After leaving Thursday’s meeting, Machinist Tom Wigen, 49, said he’s voting no because Boeing’s offer would cut the value of his pension by 40 percent.
But he said Boeing has made a “brilliant” strategic play for votes in tempting younger workers with a $10,000 signing bonus and some of the older guys with an early retirement buyout.
“Divide and conquer,” Wigen said.
Boeing’s Birtel insisted that despite the benefit cuts and wage-structure change, the deal still offers Machinists “pay and benefits superior to what other companies provide.” The cuts, he said, are needed to ensure competitiveness against Airbus.
A 26-year-old Everett Machinist who works on the 777, one of the younger crowd who isn’t active in the union, thinks the vote will be close.
“This is a very divided issue,” he said. “Though the ‘Hell No!’ contingent may be louder and more involved in the union, there are plenty of us who will be more than willing to vote yes to secure jobs in Washington state.”
Asking for anonymity because of “the intimidating and bullying tactics” of those opposed, he said he thinks a majority of workers on his second shift in Everett are leaning toward yes, with first shift leaning toward no.
“My particular crew is probably 80 percent yes but we have a lot of new people, so that skews it,” he added.
He said that while he recognizes the value of the Boeing traditional pension, he assumed when he joined the company two years ago that it would be gone by the time he retires.

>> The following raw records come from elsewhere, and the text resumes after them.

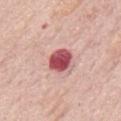{
  "biopsy_status": "not biopsied; imaged during a skin examination",
  "lighting": "white-light",
  "lesion_size": {
    "long_diameter_mm_approx": 3.0
  },
  "image": {
    "source": "total-body photography crop",
    "field_of_view_mm": 15
  },
  "patient": {
    "sex": "male",
    "age_approx": 75
  },
  "site": "mid back"
}
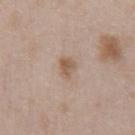This lesion was catalogued during total-body skin photography and was not selected for biopsy.
Located on the front of the torso.
A male patient, approximately 50 years of age.
A 15 mm close-up tile from a total-body photography series done for melanoma screening.
Measured at roughly 3 mm in maximum diameter.
The tile uses white-light illumination.
The lesion-visualizer software estimated a border-irregularity index near 3/10, a within-lesion color-variation index near 3/10, and peripheral color asymmetry of about 1. And it measured a detector confidence of about 100 out of 100 that the crop contains a lesion.
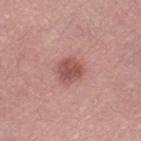Recorded during total-body skin imaging; not selected for excision or biopsy.
The total-body-photography lesion software estimated a mean CIELAB color near L≈52 a*≈25 b*≈24 and roughly 11 lightness units darker than nearby skin. And it measured an automated nevus-likeness rating near 85 out of 100 and a lesion-detection confidence of about 100/100.
The tile uses white-light illumination.
On the left thigh.
The subject is a female aged 63 to 67.
A lesion tile, about 15 mm wide, cut from a 3D total-body photograph.
About 3 mm across.
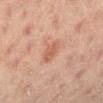Imaged with cross-polarized lighting. The patient is a female approximately 20 years of age. The total-body-photography lesion software estimated a footprint of about 4.5 mm² and a shape eccentricity near 0.7. It also reported a lesion color around L≈51 a*≈22 b*≈28 in CIELAB. The software also gave a detector confidence of about 100 out of 100 that the crop contains a lesion. On the right lower leg. A 15 mm close-up extracted from a 3D total-body photography capture. Longest diameter approximately 2.5 mm.
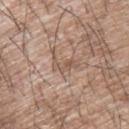Assessment: The lesion was photographed on a routine skin check and not biopsied; there is no pathology result. Image and clinical context: A male subject aged around 65. A 15 mm close-up tile from a total-body photography series done for melanoma screening. Imaged with white-light lighting. On the upper back.
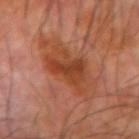The tile uses cross-polarized illumination. The lesion is located on the left forearm. Measured at roughly 7.5 mm in maximum diameter. Automated tile analysis of the lesion measured a shape eccentricity near 0.8 and two-axis asymmetry of about 0.3. It also reported a mean CIELAB color near L≈44 a*≈27 b*≈34. The analysis additionally found peripheral color asymmetry of about 1.5. And it measured a lesion-detection confidence of about 100/100. A male subject, aged around 70. A 15 mm close-up tile from a total-body photography series done for melanoma screening.
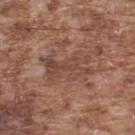Notes:
– workup — no biopsy performed (imaged during a skin exam)
– subject — male, aged 73 to 77
– lighting — white-light illumination
– site — the upper back
– image — total-body-photography crop, ~15 mm field of view
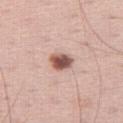Clinical impression:
Imaged during a routine full-body skin examination; the lesion was not biopsied and no histopathology is available.
Image and clinical context:
Longest diameter approximately 3 mm. A 15 mm crop from a total-body photograph taken for skin-cancer surveillance. An algorithmic analysis of the crop reported an average lesion color of about L≈54 a*≈21 b*≈25 (CIELAB), a lesion–skin lightness drop of about 18, and a normalized lesion–skin contrast near 11.5. The software also gave internal color variation of about 5.5 on a 0–10 scale and peripheral color asymmetry of about 1.5. The patient is a male in their 60s. The lesion is located on the leg. This is a white-light tile.
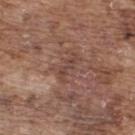Clinical impression: Part of a total-body skin-imaging series; this lesion was reviewed on a skin check and was not flagged for biopsy. Image and clinical context: Cropped from a total-body skin-imaging series; the visible field is about 15 mm. Longest diameter approximately 3.5 mm. From the upper back. The subject is a male in their mid- to late 70s.
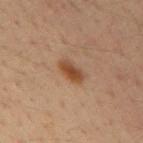follow-up: imaged on a skin check; not biopsied
image-analysis metrics: an outline eccentricity of about 0.85 (0 = round, 1 = elongated); an automated nevus-likeness rating near 100 out of 100 and a detector confidence of about 100 out of 100 that the crop contains a lesion
acquisition: ~15 mm tile from a whole-body skin photo
subject: male, aged 33–37
lighting: cross-polarized
anatomic site: the right upper arm
lesion size: about 3.5 mm
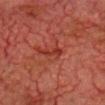biopsy status: total-body-photography surveillance lesion; no biopsy.
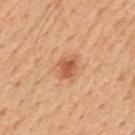Case summary:
• patient: male, aged approximately 50
• lesion size: ~2.5 mm (longest diameter)
• lighting: white-light illumination
• anatomic site: the mid back
• automated lesion analysis: a lesion-to-skin contrast of about 7.5 (normalized; higher = more distinct); a nevus-likeness score of about 90/100 and lesion-presence confidence of about 100/100
• acquisition: total-body-photography crop, ~15 mm field of view
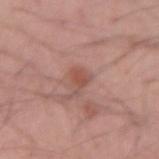Assessment:
The lesion was photographed on a routine skin check and not biopsied; there is no pathology result.
Acquisition and patient details:
The tile uses white-light illumination. The patient is a male in their mid- to late 30s. From the left forearm. The lesion's longest dimension is about 2.5 mm. A 15 mm crop from a total-body photograph taken for skin-cancer surveillance.
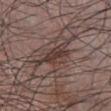– notes — imaged on a skin check; not biopsied
– image source — total-body-photography crop, ~15 mm field of view
– anatomic site — the chest
– diameter — ≈5.5 mm
– image-analysis metrics — a lesion color around L≈38 a*≈16 b*≈19 in CIELAB, roughly 9 lightness units darker than nearby skin, and a lesion-to-skin contrast of about 8 (normalized; higher = more distinct); a lesion-detection confidence of about 55/100
– subject — male, aged approximately 40
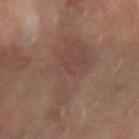<record>
  <biopsy_status>not biopsied; imaged during a skin examination</biopsy_status>
  <lesion_size>
    <long_diameter_mm_approx>9.5</long_diameter_mm_approx>
  </lesion_size>
  <site>left forearm</site>
  <image>
    <source>total-body photography crop</source>
    <field_of_view_mm>15</field_of_view_mm>
  </image>
  <lighting>cross-polarized</lighting>
  <patient>
    <sex>female</sex>
    <age_approx>60</age_approx>
  </patient>
</record>
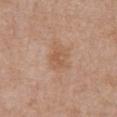Clinical impression: No biopsy was performed on this lesion — it was imaged during a full skin examination and was not determined to be concerning.
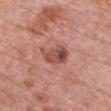Longest diameter approximately 4 mm. The lesion is located on the chest. Cropped from a total-body skin-imaging series; the visible field is about 15 mm. A female subject, in their 60s.
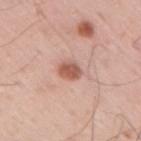follow-up=catalogued during a skin exam; not biopsied | imaging modality=total-body-photography crop, ~15 mm field of view | lesion diameter=about 2.5 mm | image-analysis metrics=a border-irregularity rating of about 2/10, a color-variation rating of about 2.5/10, and radial color variation of about 1 | subject=male, about 35 years old | anatomic site=the right upper arm.
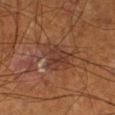Imaged during a routine full-body skin examination; the lesion was not biopsied and no histopathology is available. On the right thigh. Cropped from a whole-body photographic skin survey; the tile spans about 15 mm. Longest diameter approximately 4.5 mm. The patient is a male roughly 70 years of age. Captured under cross-polarized illumination.
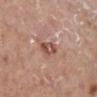An algorithmic analysis of the crop reported a mean CIELAB color near L≈51 a*≈23 b*≈26, roughly 11 lightness units darker than nearby skin, and a normalized border contrast of about 8. The software also gave a nevus-likeness score of about 0/100 and a lesion-detection confidence of about 100/100.
A 15 mm close-up extracted from a 3D total-body photography capture.
Measured at roughly 3 mm in maximum diameter.
A female patient aged approximately 75.
The lesion is on the leg.
Imaged with white-light lighting.
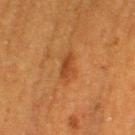<case>
<biopsy_status>not biopsied; imaged during a skin examination</biopsy_status>
<image>
  <source>total-body photography crop</source>
  <field_of_view_mm>15</field_of_view_mm>
</image>
<lesion_size>
  <long_diameter_mm_approx>3.5</long_diameter_mm_approx>
</lesion_size>
<patient>
  <sex>female</sex>
  <age_approx>40</age_approx>
</patient>
<lighting>cross-polarized</lighting>
<automated_metrics>
  <area_mm2_approx>5.5</area_mm2_approx>
  <eccentricity>0.85</eccentricity>
  <shape_asymmetry>0.25</shape_asymmetry>
</automated_metrics>
<site>left thigh</site>
</case>
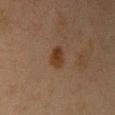The lesion was photographed on a routine skin check and not biopsied; there is no pathology result.
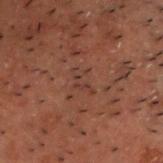Clinical impression:
This lesion was catalogued during total-body skin photography and was not selected for biopsy.
Acquisition and patient details:
A 15 mm crop from a total-body photograph taken for skin-cancer surveillance. The total-body-photography lesion software estimated a lesion area of about 3 mm² and a shape eccentricity near 0.9. It also reported a border-irregularity index near 7/10 and a within-lesion color-variation index near 0/10. And it measured an automated nevus-likeness rating near 0 out of 100 and a lesion-detection confidence of about 70/100. About 3 mm across. On the front of the torso. A male subject about 50 years old. This is a cross-polarized tile.
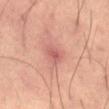Findings:
– follow-up: catalogued during a skin exam; not biopsied
– body site: the left thigh
– size: ~2.5 mm (longest diameter)
– acquisition: total-body-photography crop, ~15 mm field of view
– lighting: cross-polarized
– automated lesion analysis: an area of roughly 4.5 mm², an outline eccentricity of about 0.6 (0 = round, 1 = elongated), and a shape-asymmetry score of about 0.3 (0 = symmetric); a normalized lesion–skin contrast near 6
– patient: male, aged 58–62
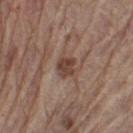- follow-up — catalogued during a skin exam; not biopsied
- imaging modality — 15 mm crop, total-body photography
- patient — male, aged 63 to 67
- location — the leg
- illumination — white-light illumination
- diameter — ~2.5 mm (longest diameter)
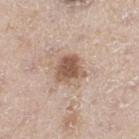| feature | finding |
|---|---|
| workup | catalogued during a skin exam; not biopsied |
| tile lighting | white-light illumination |
| location | the left thigh |
| lesion diameter | about 3.5 mm |
| subject | male, approximately 65 years of age |
| image | total-body-photography crop, ~15 mm field of view |
| image-analysis metrics | an eccentricity of roughly 0.5 and two-axis asymmetry of about 0.35; an average lesion color of about L≈55 a*≈18 b*≈28 (CIELAB), about 13 CIELAB-L* units darker than the surrounding skin, and a normalized lesion–skin contrast near 9 |
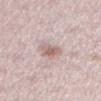Q: Was this lesion biopsied?
A: imaged on a skin check; not biopsied
Q: Where on the body is the lesion?
A: the left lower leg
Q: What kind of image is this?
A: ~15 mm tile from a whole-body skin photo
Q: Who is the patient?
A: female, aged around 30
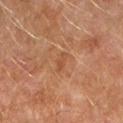biopsy_status: not biopsied; imaged during a skin examination
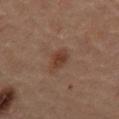follow-up: total-body-photography surveillance lesion; no biopsy | imaging modality: 15 mm crop, total-body photography | site: the mid back | tile lighting: cross-polarized | subject: male, in their 60s.
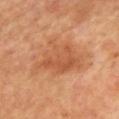  lesion_size:
    long_diameter_mm_approx: 7.0
  lighting: cross-polarized
  site: mid back
  image:
    source: total-body photography crop
    field_of_view_mm: 15
  patient:
    age_approx: 65
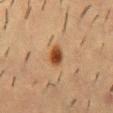This lesion was catalogued during total-body skin photography and was not selected for biopsy.
Approximately 2.5 mm at its widest.
The patient is a male aged 53 to 57.
The lesion is on the mid back.
A 15 mm close-up extracted from a 3D total-body photography capture.
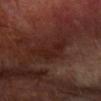Case summary:
* illumination · cross-polarized illumination
* subject · male, roughly 70 years of age
* size · about 5 mm
* location · the right forearm
* image · total-body-photography crop, ~15 mm field of view
* TBP lesion metrics · a lesion color around L≈22 a*≈20 b*≈22 in CIELAB; an automated nevus-likeness rating near 0 out of 100 and a lesion-detection confidence of about 70/100
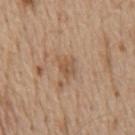Impression:
Imaged during a routine full-body skin examination; the lesion was not biopsied and no histopathology is available.
Context:
A roughly 15 mm field-of-view crop from a total-body skin photograph. The lesion's longest dimension is about 3 mm. A male subject approximately 70 years of age. This is a white-light tile. Located on the chest.
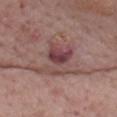Clinical impression: This lesion was catalogued during total-body skin photography and was not selected for biopsy. Context: Automated tile analysis of the lesion measured an area of roughly 24 mm², a shape eccentricity near 0.55, and a shape-asymmetry score of about 0.5 (0 = symmetric). And it measured a color-variation rating of about 8.5/10 and a peripheral color-asymmetry measure near 2. It also reported lesion-presence confidence of about 100/100. A female patient, aged 68–72. A 15 mm crop from a total-body photograph taken for skin-cancer surveillance. The lesion is on the back. Captured under white-light illumination.
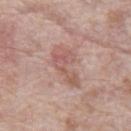follow-up: catalogued during a skin exam; not biopsied | illumination: white-light | automated lesion analysis: a shape eccentricity near 0.85 and a symmetry-axis asymmetry near 0.4 | lesion diameter: ≈5 mm | site: the abdomen | imaging modality: ~15 mm crop, total-body skin-cancer survey | patient: male, aged 68 to 72.
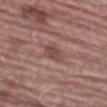Impression: This lesion was catalogued during total-body skin photography and was not selected for biopsy. Acquisition and patient details: A 15 mm crop from a total-body photograph taken for skin-cancer surveillance. Approximately 3.5 mm at its widest. Captured under white-light illumination. A male subject, aged 68 to 72. The total-body-photography lesion software estimated a lesion area of about 5 mm² and an eccentricity of roughly 0.8. It also reported about 9 CIELAB-L* units darker than the surrounding skin and a normalized lesion–skin contrast near 7. On the leg.
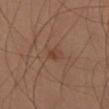This image is a 15 mm lesion crop taken from a total-body photograph.
The lesion is on the right thigh.
A male subject aged approximately 55.
Captured under cross-polarized illumination.
About 2 mm across.
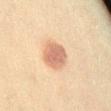The lesion was tiled from a total-body skin photograph and was not biopsied.
A female subject, about 40 years old.
The lesion is located on the abdomen.
This is a cross-polarized tile.
A close-up tile cropped from a whole-body skin photograph, about 15 mm across.
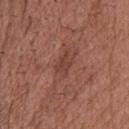The lesion was tiled from a total-body skin photograph and was not biopsied.
The lesion is located on the head or neck.
A male patient aged around 65.
Cropped from a total-body skin-imaging series; the visible field is about 15 mm.
Captured under white-light illumination.
The lesion-visualizer software estimated an area of roughly 4 mm², a shape eccentricity near 0.8, and two-axis asymmetry of about 0.4. And it measured a lesion color around L≈41 a*≈23 b*≈26 in CIELAB, a lesion–skin lightness drop of about 7, and a normalized border contrast of about 6. The software also gave an automated nevus-likeness rating near 5 out of 100 and a detector confidence of about 90 out of 100 that the crop contains a lesion.
The recorded lesion diameter is about 3 mm.
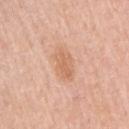Notes:
* follow-up: imaged on a skin check; not biopsied
* diameter: ≈3.5 mm
* automated metrics: a shape eccentricity near 0.8; a border-irregularity rating of about 2.5/10, internal color variation of about 1.5 on a 0–10 scale, and peripheral color asymmetry of about 0.5; a nevus-likeness score of about 10/100
* image source: total-body-photography crop, ~15 mm field of view
* subject: female, about 65 years old
* site: the left arm
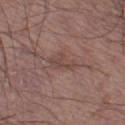The lesion was tiled from a total-body skin photograph and was not biopsied. On the left thigh. A close-up tile cropped from a whole-body skin photograph, about 15 mm across. The lesion-visualizer software estimated an outline eccentricity of about 0.9 (0 = round, 1 = elongated) and two-axis asymmetry of about 0.35. The software also gave border irregularity of about 4.5 on a 0–10 scale, a color-variation rating of about 1/10, and radial color variation of about 0.5. It also reported a lesion-detection confidence of about 80/100. The lesion's longest dimension is about 4 mm. A male patient aged around 55.
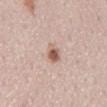No biopsy was performed on this lesion — it was imaged during a full skin examination and was not determined to be concerning. About 3 mm across. The lesion is on the mid back. A lesion tile, about 15 mm wide, cut from a 3D total-body photograph. The tile uses white-light illumination. The total-body-photography lesion software estimated a lesion area of about 5 mm², an outline eccentricity of about 0.85 (0 = round, 1 = elongated), and a symmetry-axis asymmetry near 0.25. The analysis additionally found border irregularity of about 2.5 on a 0–10 scale and peripheral color asymmetry of about 2. A female patient, aged 48 to 52.
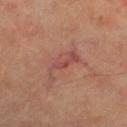Part of a total-body skin-imaging series; this lesion was reviewed on a skin check and was not flagged for biopsy.
A roughly 15 mm field-of-view crop from a total-body skin photograph.
From the leg.
The patient is a female about 60 years old.
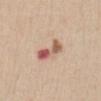This lesion was catalogued during total-body skin photography and was not selected for biopsy. From the front of the torso. The lesion-visualizer software estimated an average lesion color of about L≈58 a*≈23 b*≈28 (CIELAB). It also reported a border-irregularity rating of about 4.5/10 and a peripheral color-asymmetry measure near 7. The software also gave lesion-presence confidence of about 100/100. Approximately 4 mm at its widest. The patient is a female aged approximately 40. A 15 mm close-up tile from a total-body photography series done for melanoma screening.
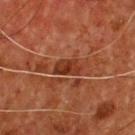Q: Was a biopsy performed?
A: catalogued during a skin exam; not biopsied
Q: Who is the patient?
A: male, aged 53–57
Q: What lighting was used for the tile?
A: cross-polarized
Q: What is the imaging modality?
A: ~15 mm tile from a whole-body skin photo
Q: What is the anatomic site?
A: the chest
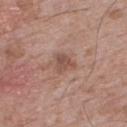imaging modality: ~15 mm crop, total-body skin-cancer survey | tile lighting: white-light | subject: male, in their 70s | body site: the upper back | lesion size: ≈3 mm.
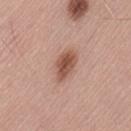Q: Was a biopsy performed?
A: catalogued during a skin exam; not biopsied
Q: Automated lesion metrics?
A: a lesion color around L≈53 a*≈23 b*≈28 in CIELAB, about 13 CIELAB-L* units darker than the surrounding skin, and a lesion-to-skin contrast of about 9 (normalized; higher = more distinct)
Q: Where on the body is the lesion?
A: the back
Q: Lesion size?
A: ~4 mm (longest diameter)
Q: How was the tile lit?
A: white-light
Q: Who is the patient?
A: male, roughly 55 years of age
Q: How was this image acquired?
A: ~15 mm tile from a whole-body skin photo
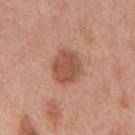No biopsy was performed on this lesion — it was imaged during a full skin examination and was not determined to be concerning. A close-up tile cropped from a whole-body skin photograph, about 15 mm across. The subject is a male about 70 years old. The total-body-photography lesion software estimated a shape eccentricity near 0.45. The software also gave a border-irregularity rating of about 1.5/10, a within-lesion color-variation index near 2/10, and radial color variation of about 1. The software also gave a nevus-likeness score of about 25/100 and lesion-presence confidence of about 100/100. On the back. This is a white-light tile.
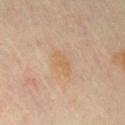The lesion was photographed on a routine skin check and not biopsied; there is no pathology result. Captured under cross-polarized illumination. Measured at roughly 3.5 mm in maximum diameter. A female subject, aged 43–47. A close-up tile cropped from a whole-body skin photograph, about 15 mm across. On the chest.
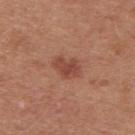Recorded during total-body skin imaging; not selected for excision or biopsy. An algorithmic analysis of the crop reported a footprint of about 6 mm², an outline eccentricity of about 0.75 (0 = round, 1 = elongated), and two-axis asymmetry of about 0.25. The software also gave a border-irregularity rating of about 2.5/10, internal color variation of about 2.5 on a 0–10 scale, and radial color variation of about 1. A male patient, aged 28–32. Measured at roughly 3.5 mm in maximum diameter. A close-up tile cropped from a whole-body skin photograph, about 15 mm across. Located on the upper back. Captured under white-light illumination.

“Without 777X, our contract isn’t worth the paper it’s printed on,” he said. “There are plenty of us that realize that, and won’t let the old dinosaurs ruin it for us because they don’t want to give up on an outdated pension plan.”
One veteran Machinist who is active in the union, one of the “dinosaurs,” said he’ll vote yes, also.
After the drama of Thursday night’s union meeting, he said workers will talk with their spouses and that “reality is going to settle in over the weekend.”
He said he expects a close vote to approve the deal after Boeing’s aggressive signals that otherwise 777X will go elsewhere.
“If the Mariners played hardball like this, we’d be in the World Series,” he said.